▶ [What the exercise asks] Copy out the data exactly as it appears, without a single image.

▶ [Collected data]
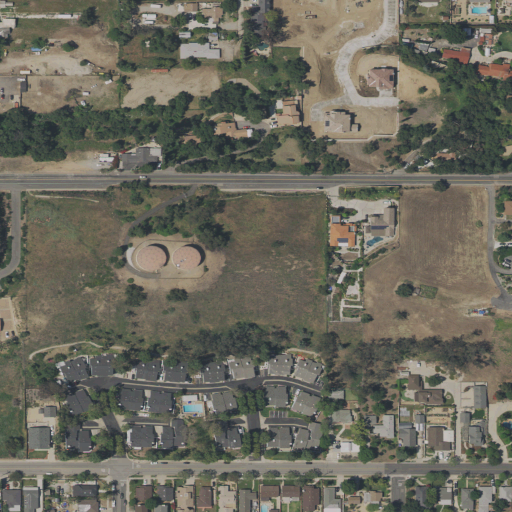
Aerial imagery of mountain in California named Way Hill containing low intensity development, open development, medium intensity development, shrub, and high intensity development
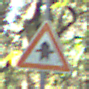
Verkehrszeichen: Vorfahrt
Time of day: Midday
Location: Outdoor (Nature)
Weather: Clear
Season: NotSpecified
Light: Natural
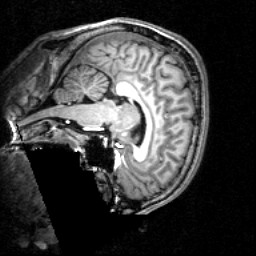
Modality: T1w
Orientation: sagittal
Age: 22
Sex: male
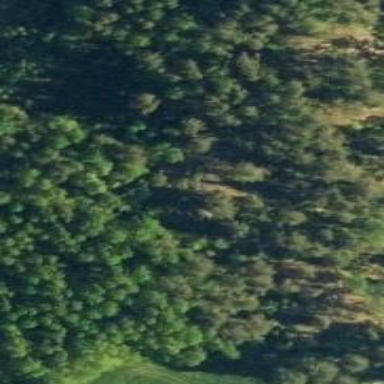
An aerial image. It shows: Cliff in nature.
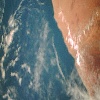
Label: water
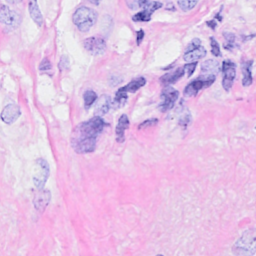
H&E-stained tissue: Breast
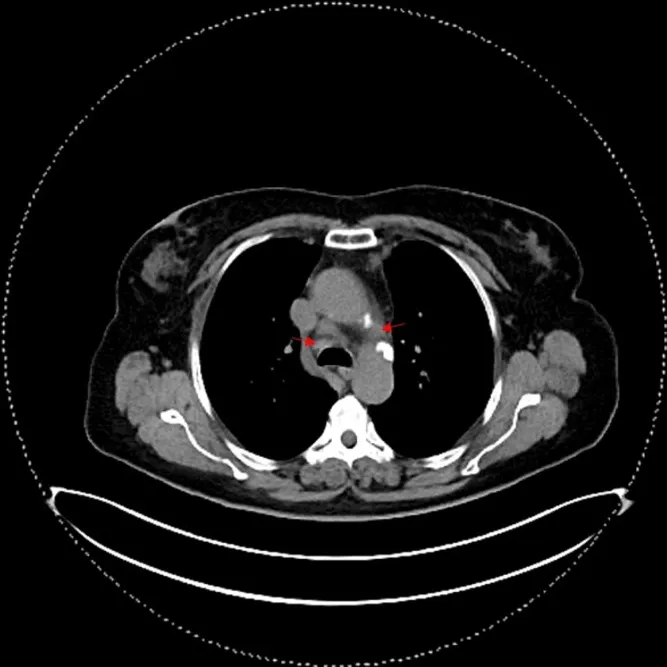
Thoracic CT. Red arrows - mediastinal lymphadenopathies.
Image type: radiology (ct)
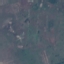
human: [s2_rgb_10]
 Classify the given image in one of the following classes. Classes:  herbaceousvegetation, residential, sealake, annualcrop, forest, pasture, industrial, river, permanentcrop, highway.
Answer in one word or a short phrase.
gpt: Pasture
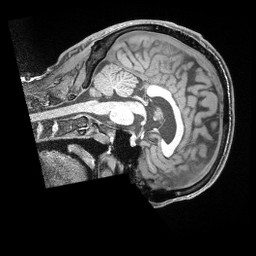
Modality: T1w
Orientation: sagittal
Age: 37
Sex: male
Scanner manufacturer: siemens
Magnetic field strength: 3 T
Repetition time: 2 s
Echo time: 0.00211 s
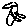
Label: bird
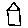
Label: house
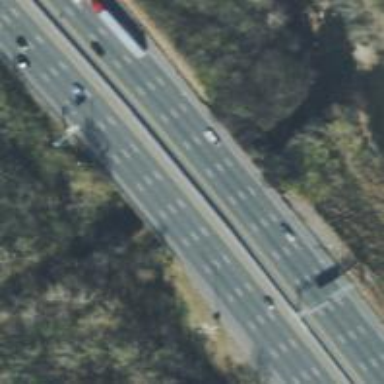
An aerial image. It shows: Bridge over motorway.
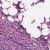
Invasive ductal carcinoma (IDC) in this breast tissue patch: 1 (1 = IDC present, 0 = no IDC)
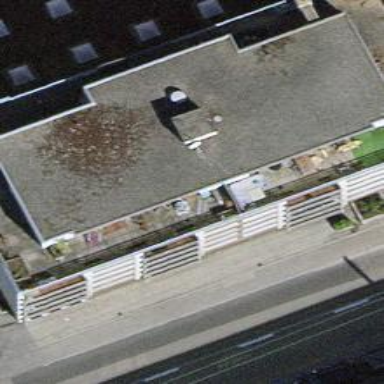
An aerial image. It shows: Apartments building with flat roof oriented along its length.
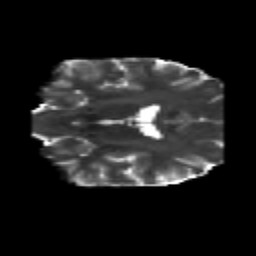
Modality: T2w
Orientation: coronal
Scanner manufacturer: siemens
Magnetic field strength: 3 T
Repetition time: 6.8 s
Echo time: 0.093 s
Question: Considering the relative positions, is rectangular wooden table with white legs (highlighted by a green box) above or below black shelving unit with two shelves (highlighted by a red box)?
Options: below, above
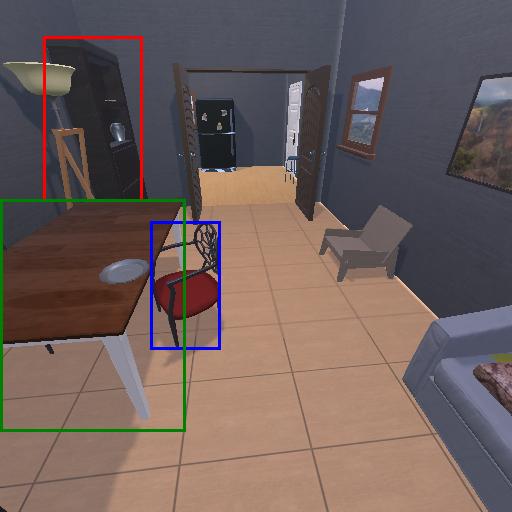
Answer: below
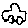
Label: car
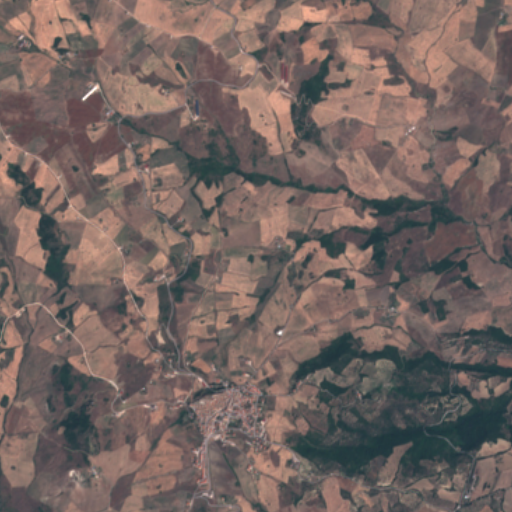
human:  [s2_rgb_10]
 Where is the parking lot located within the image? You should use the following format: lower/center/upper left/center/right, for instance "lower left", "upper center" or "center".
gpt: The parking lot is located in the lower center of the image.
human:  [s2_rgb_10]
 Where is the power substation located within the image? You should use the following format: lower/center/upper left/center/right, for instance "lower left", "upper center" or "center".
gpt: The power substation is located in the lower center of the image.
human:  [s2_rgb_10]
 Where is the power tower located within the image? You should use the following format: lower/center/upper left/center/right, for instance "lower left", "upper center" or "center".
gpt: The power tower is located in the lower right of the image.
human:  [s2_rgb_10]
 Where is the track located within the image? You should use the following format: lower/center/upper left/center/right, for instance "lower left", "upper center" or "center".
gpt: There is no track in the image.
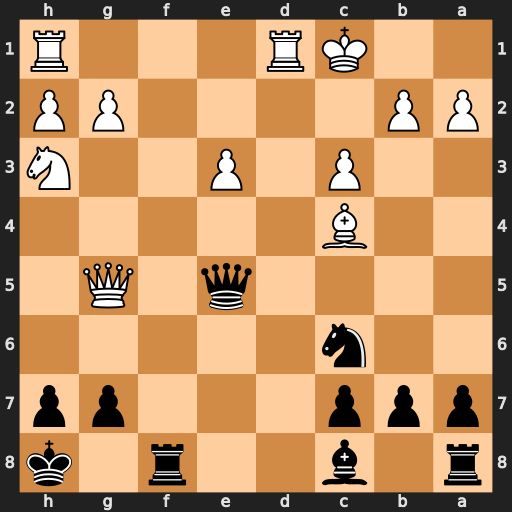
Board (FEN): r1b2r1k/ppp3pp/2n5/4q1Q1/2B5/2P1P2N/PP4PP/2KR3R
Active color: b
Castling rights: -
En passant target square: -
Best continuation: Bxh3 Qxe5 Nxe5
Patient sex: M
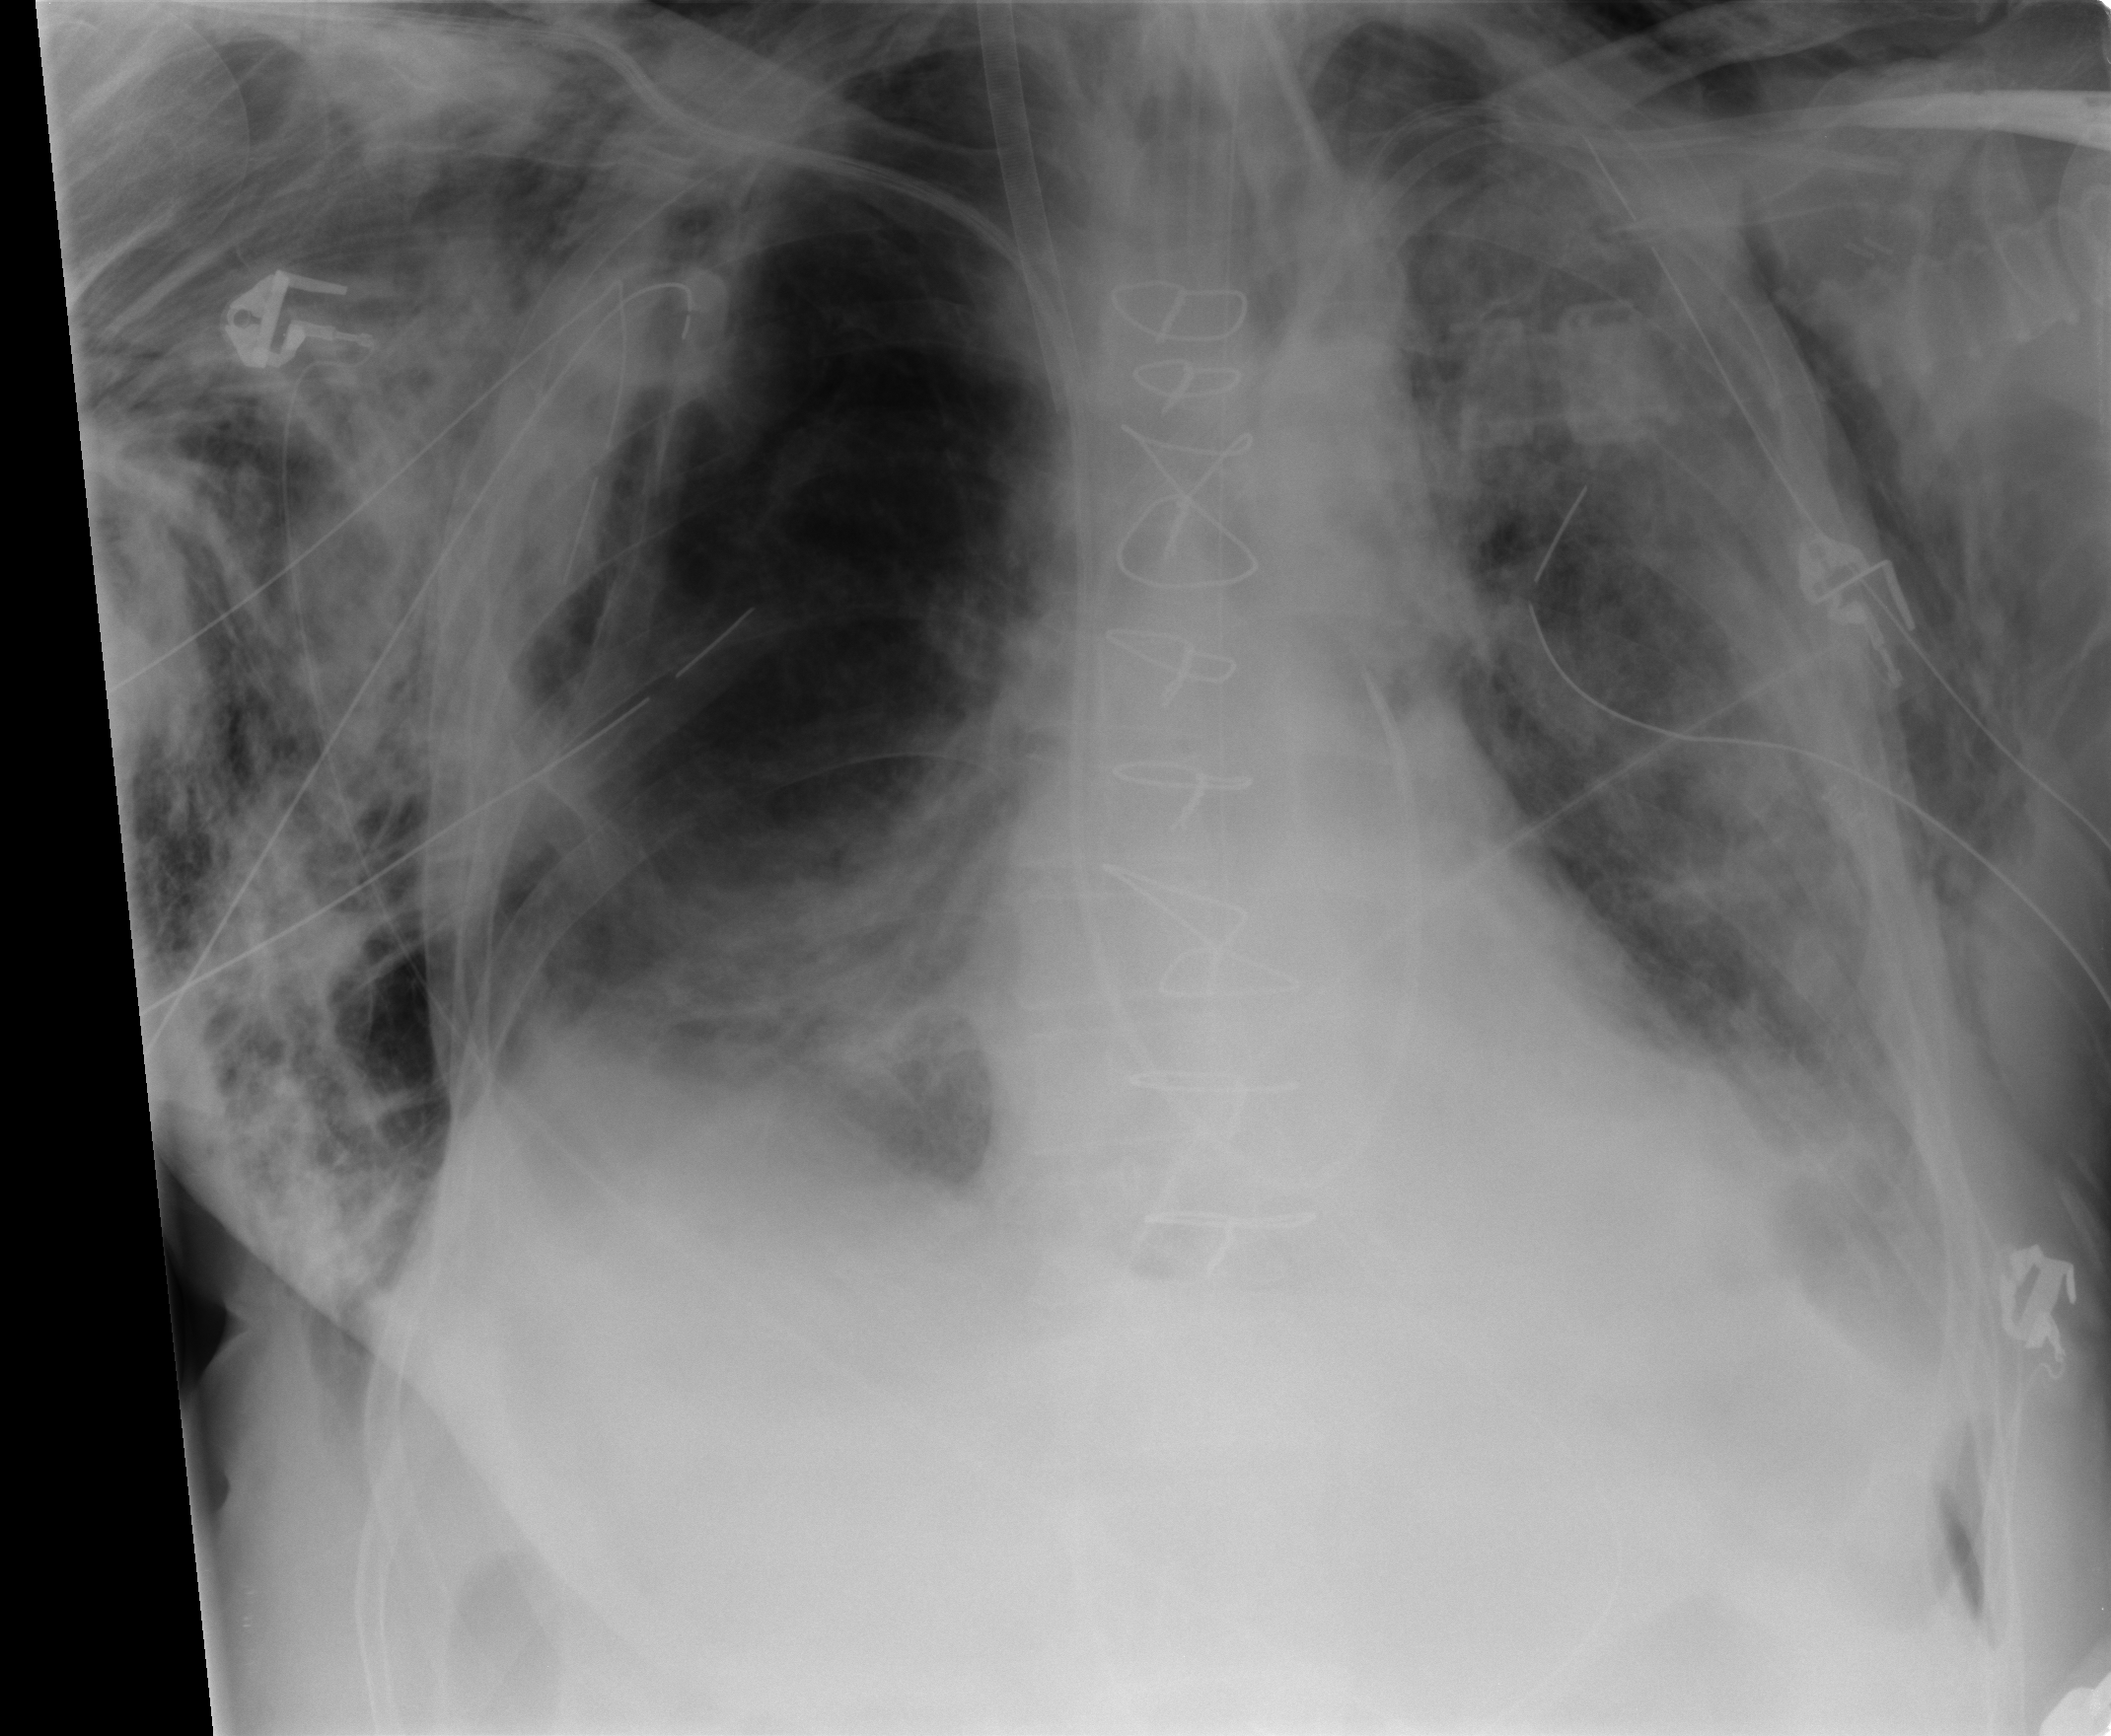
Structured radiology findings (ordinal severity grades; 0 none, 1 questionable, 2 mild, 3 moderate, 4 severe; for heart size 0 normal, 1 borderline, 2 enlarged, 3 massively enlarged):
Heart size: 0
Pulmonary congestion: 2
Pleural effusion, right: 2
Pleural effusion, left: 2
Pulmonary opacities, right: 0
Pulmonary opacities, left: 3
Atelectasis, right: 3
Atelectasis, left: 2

▶ [Response to the task]
Aerial imagery of mountain in California named Way Hill containing low intensity development, open development, medium intensity development, shrub, and high intensity development
Verkehrszeichen: Vorfahrt
Time of day: Midday
Location: Outdoor (Nature)
Weather: Clear
Season: NotSpecified
Light: Natural
Modality: T1w
Orientation: sagittal
Age: 22
Sex: male
An aerial image. It shows: Cliff in nature.
Label: water
H&E-stained tissue: Breast
Thoracic CT. Red arrows - mediastinal lymphadenopathies.
Image type: radiology (ct)
human: [s2_rgb_10]
 Classify the given image in one of the following classes. Classes:  herbaceousvegetation, residential, sealake, annualcrop, forest, pasture, industrial, river, permanentcrop, highway.
Answer in one word or a short phrase.
gpt: Pasture
Modality: T1w
Orientation: sagittal
Age: 37
Sex: male
Scanner manufacturer: siemens
Magnetic field strength: 3 T
Repetition time: 2 s
Echo time: 0.00211 s
Label: bird
Label: house
An aerial image. It shows: Bridge over motorway.
Invasive ductal carcinoma (IDC) in this breast tissue patch: 1 (1 = IDC present, 0 = no IDC)
An aerial image. It shows: Apartments building with flat roof oriented along its length.
Modality: T2w
Orientation: coronal
Scanner manufacturer: siemens
Magnetic field strength: 3 T
Repetition time: 6.8 s
Echo time: 0.093 s
Question: Considering the relative positions, is rectangular wooden table with white legs (highlighted by a green box) above or below black shelving unit with two shelves (highlighted by a red box)?
Options: below, above
Answer: below
Label: car
human:  [s2_rgb_10]
 Where is the parking lot located within the image? You should use the following format: lower/center/upper left/center/right, for instance "lower left", "upper center" or "center".
gpt: The parking lot is located in the lower center of the image.
human:  [s2_rgb_10]
 Where is the power substation located within the image? You should use the following format: lower/center/upper left/center/right, for instance "lower left", "upper center" or "center".
gpt: The power substation is located in the lower center of the image.
human:  [s2_rgb_10]
 Where is the power tower located within the image? You should use the following format: lower/center/upper left/center/right, for instance "lower left", "upper center" or "center".
gpt: The power tower is located in the lower right of the image.
human:  [s2_rgb_10]
 Where is the track located within the image? You should use the following format: lower/center/upper left/center/right, for instance "lower left", "upper center" or "center".
gpt: There is no track in the image.
Board (FEN): r1b2r1k/ppp3pp/2n5/4q1Q1/2B5/2P1P2N/PP4PP/2KR3R
Active color: b
Castling rights: -
En passant target square: -
Best continuation: Bxh3 Qxe5 Nxe5
Patient sex: M
Structured radiology findings (ordinal severity grades; 0 none, 1 questionable, 2 mild, 3 moderate, 4 severe; for heart size 0 normal, 1 borderline, 2 enlarged, 3 massively enlarged):
Heart size: 0
Pulmonary congestion: 2
Pleural effusion, right: 2
Pleural effusion, left: 2
Pulmonary opacities, right: 0
Pulmonary opacities, left: 3
Atelectasis, right: 3
Atelectasis, left: 2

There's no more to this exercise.